_Extracted entries_
◇ ◇ ◇ ◇ ◇ ◇ ◇

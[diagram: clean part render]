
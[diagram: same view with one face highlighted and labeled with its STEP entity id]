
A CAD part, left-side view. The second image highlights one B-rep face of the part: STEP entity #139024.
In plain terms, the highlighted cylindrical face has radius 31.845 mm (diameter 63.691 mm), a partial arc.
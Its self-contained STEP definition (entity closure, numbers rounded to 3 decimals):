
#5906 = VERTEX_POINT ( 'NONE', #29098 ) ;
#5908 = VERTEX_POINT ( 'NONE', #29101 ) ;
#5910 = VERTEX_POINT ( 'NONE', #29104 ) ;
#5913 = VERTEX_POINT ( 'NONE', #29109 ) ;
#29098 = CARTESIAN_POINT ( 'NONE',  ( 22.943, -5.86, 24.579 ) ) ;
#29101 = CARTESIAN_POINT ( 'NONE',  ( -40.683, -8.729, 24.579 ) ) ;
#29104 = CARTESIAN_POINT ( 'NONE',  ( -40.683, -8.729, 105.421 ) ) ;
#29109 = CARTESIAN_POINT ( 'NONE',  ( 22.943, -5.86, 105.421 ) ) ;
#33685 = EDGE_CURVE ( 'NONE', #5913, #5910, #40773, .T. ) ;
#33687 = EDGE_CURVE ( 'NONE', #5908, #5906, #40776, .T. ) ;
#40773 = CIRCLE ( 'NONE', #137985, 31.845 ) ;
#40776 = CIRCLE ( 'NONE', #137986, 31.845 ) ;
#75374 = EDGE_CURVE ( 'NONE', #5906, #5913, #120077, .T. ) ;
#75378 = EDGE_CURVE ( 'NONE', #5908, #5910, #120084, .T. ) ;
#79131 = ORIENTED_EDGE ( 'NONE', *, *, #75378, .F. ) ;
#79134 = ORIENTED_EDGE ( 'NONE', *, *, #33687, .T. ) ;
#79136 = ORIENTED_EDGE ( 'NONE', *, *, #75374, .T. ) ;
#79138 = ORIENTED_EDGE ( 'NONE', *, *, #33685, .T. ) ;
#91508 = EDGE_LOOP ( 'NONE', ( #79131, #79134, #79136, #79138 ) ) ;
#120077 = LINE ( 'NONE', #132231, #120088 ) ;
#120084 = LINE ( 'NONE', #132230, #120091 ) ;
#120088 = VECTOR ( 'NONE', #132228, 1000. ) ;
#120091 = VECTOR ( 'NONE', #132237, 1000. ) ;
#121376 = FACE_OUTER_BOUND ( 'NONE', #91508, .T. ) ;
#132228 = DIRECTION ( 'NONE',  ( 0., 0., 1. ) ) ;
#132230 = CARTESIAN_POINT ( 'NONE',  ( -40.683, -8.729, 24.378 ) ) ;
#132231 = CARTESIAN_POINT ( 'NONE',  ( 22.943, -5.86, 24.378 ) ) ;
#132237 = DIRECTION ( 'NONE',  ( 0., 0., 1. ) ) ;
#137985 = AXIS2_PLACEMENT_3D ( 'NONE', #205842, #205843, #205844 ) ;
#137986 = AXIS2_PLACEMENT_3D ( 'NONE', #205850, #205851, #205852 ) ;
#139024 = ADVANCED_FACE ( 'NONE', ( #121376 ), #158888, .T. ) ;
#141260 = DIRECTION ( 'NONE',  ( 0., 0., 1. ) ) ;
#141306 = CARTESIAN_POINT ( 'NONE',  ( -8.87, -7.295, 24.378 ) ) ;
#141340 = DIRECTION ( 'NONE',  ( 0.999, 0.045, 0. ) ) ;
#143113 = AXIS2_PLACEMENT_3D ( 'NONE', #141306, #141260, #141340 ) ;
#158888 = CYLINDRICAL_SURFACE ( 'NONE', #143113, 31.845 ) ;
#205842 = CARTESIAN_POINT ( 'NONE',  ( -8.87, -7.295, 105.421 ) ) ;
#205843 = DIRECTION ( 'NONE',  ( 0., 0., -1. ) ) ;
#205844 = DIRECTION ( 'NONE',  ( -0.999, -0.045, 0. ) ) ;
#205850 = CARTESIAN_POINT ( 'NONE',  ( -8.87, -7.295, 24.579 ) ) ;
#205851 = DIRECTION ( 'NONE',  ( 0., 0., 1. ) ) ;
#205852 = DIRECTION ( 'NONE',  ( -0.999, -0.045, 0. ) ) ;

◇ ◇ ◇ ◇ ◇ ◇ ◇

_Goal of the exercise_
Restate word for word the lines of the data above, starting at the line containing "#29101 = CARTESIAN_POINT" and ending at the line containing "#33687 = EDGE_CURVE", both included, and nothing more.

_Written answer_
#29101 = CARTESIAN_POINT ( 'NONE',  ( -40.683, -8.729, 24.579 ) ) ;
#29104 = CARTESIAN_POINT ( 'NONE',  ( -40.683, -8.729, 105.421 ) ) ;
#29109 = CARTESIAN_POINT ( 'NONE',  ( 22.943, -5.86, 105.421 ) ) ;
#33685 = EDGE_CURVE ( 'NONE', #5913, #5910, #40773, .T. ) ;
#33687 = EDGE_CURVE ( 'NONE', #5908, #5906, #40776, .T. ) ;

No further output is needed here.